(Data excerpts)
════════════════

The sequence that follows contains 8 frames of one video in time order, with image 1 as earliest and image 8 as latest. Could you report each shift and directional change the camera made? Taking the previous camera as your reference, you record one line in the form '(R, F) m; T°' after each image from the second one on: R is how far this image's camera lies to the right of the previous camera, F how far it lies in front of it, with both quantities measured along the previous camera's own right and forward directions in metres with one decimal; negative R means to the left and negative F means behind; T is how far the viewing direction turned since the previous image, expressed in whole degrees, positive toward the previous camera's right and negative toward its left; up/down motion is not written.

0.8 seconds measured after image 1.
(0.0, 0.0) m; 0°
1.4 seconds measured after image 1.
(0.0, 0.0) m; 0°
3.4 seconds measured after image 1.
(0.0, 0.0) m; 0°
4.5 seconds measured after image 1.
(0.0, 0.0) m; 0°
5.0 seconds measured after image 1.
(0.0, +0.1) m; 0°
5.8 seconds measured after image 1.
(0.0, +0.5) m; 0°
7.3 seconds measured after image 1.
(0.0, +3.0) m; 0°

════════════════

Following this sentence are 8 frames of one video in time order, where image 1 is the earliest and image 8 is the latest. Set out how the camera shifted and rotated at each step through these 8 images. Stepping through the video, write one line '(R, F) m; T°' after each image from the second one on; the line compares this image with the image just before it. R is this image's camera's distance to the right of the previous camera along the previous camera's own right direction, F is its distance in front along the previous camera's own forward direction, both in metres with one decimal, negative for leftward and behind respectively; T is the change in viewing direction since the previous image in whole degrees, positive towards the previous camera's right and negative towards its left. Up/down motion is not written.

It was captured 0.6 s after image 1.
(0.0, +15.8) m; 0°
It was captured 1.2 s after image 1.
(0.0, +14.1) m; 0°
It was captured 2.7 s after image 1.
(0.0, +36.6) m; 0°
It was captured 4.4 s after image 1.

════════════════

== WORK ORDER ==
Scan the entries above for the string "front", and copy every line where it turns up.

== ANSWER TO THIS PROBLEM ==
The sequence that follows contains 8 frames of one video in time order, with image 1 as earliest and image 8 as latest. Could you report each shift and directional change the camera made? Taking the previous camera as your reference, you record one line in the form '(R, F) m; T°' after each image from the second one on: R is how far this image's camera lies to the right of the previous camera, F how far it lies in front of it, with both quantities measured along the previous camera's own right and forward directions in metres with one decimal; negative R means to the left and negative F means behind; T is how far the viewing direction turned since the previous image, expressed in whole degrees, positive toward the previous camera's right and negative toward its left; up/down motion is not written.
Following this sentence are 8 frames of one video in time order, where image 1 is the earliest and image 8 is the latest. Set out how the camera shifted and rotated at each step through these 8 images. Stepping through the video, write one line '(R, F) m; T°' after each image from the second one on; the line compares this image with the image just before it. R is this image's camera's distance to the right of the previous camera along the previous camera's own right direction, F is its distance in front along the previous camera's own forward direction, both in metres with one decimal, negative for leftward and behind respectively; T is the change in viewing direction since the previous image in whole degrees, positive towards the previous camera's right and negative towards its left. Up/down motion is not written.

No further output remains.